Records supplied:
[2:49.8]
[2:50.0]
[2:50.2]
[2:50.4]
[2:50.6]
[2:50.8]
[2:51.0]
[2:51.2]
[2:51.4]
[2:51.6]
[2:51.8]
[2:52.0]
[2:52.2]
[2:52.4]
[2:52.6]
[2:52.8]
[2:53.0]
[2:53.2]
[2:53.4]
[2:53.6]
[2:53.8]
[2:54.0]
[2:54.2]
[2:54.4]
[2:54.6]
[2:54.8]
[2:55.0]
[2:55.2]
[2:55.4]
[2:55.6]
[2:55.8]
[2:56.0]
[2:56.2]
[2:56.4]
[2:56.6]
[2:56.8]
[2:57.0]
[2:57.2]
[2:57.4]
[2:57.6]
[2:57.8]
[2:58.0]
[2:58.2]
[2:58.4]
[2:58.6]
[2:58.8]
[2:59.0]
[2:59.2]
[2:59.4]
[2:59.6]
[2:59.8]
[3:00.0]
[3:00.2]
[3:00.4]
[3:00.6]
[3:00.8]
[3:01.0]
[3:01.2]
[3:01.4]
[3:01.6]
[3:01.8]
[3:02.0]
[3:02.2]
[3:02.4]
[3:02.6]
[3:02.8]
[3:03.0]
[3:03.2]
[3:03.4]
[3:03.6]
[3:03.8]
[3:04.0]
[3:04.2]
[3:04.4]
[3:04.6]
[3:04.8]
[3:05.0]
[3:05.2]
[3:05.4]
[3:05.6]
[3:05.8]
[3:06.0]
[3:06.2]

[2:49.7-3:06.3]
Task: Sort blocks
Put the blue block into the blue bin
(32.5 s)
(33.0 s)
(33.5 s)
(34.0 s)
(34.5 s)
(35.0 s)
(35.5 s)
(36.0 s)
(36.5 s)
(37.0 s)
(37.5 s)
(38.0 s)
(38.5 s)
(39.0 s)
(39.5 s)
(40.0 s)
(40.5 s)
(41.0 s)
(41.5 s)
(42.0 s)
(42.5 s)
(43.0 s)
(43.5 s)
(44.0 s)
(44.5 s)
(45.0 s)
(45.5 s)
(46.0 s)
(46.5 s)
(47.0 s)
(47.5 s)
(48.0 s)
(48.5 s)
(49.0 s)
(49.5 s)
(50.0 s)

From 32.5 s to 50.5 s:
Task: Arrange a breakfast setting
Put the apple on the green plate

What this task involves:
Only an exact copy of all the data will do as the answer.

Answer box:
[2:49.8]
[2:50.0]
[2:50.2]
[2:50.4]
[2:50.6]
[2:50.8]
[2:51.0]
[2:51.2]
[2:51.4]
[2:51.6]
[2:51.8]
[2:52.0]
[2:52.2]
[2:52.4]
[2:52.6]
[2:52.8]
[2:53.0]
[2:53.2]
[2:53.4]
[2:53.6]
[2:53.8]
[2:54.0]
[2:54.2]
[2:54.4]
[2:54.6]
[2:54.8]
[2:55.0]
[2:55.2]
[2:55.4]
[2:55.6]
[2:55.8]
[2:56.0]
[2:56.2]
[2:56.4]
[2:56.6]
[2:56.8]
[2:57.0]
[2:57.2]
[2:57.4]
[2:57.6]
[2:57.8]
[2:58.0]
[2:58.2]
[2:58.4]
[2:58.6]
[2:58.8]
[2:59.0]
[2:59.2]
[2:59.4]
[2:59.6]
[2:59.8]
[3:00.0]
[3:00.2]
[3:00.4]
[3:00.6]
[3:00.8]
[3:01.0]
[3:01.2]
[3:01.4]
[3:01.6]
[3:01.8]
[3:02.0]
[3:02.2]
[3:02.4]
[3:02.6]
[3:02.8]
[3:03.0]
[3:03.2]
[3:03.4]
[3:03.6]
[3:03.8]
[3:04.0]
[3:04.2]
[3:04.4]
[3:04.6]
[3:04.8]
[3:05.0]
[3:05.2]
[3:05.4]
[3:05.6]
[3:05.8]
[3:06.0]
[3:06.2]

[2:49.7-3:06.3]
Task: Sort blocks
Put the blue block into the blue bin
(32.5 s)
(33.0 s)
(33.5 s)
(34.0 s)
(34.5 s)
(35.0 s)
(35.5 s)
(36.0 s)
(36.5 s)
(37.0 s)
(37.5 s)
(38.0 s)
(38.5 s)
(39.0 s)
(39.5 s)
(40.0 s)
(40.5 s)
(41.0 s)
(41.5 s)
(42.0 s)
(42.5 s)
(43.0 s)
(43.5 s)
(44.0 s)
(44.5 s)
(45.0 s)
(45.5 s)
(46.0 s)
(46.5 s)
(47.0 s)
(47.5 s)
(48.0 s)
(48.5 s)
(49.0 s)
(49.5 s)
(50.0 s)

From 32.5 s to 50.5 s:
Task: Arrange a breakfast setting
Put the apple on the green plate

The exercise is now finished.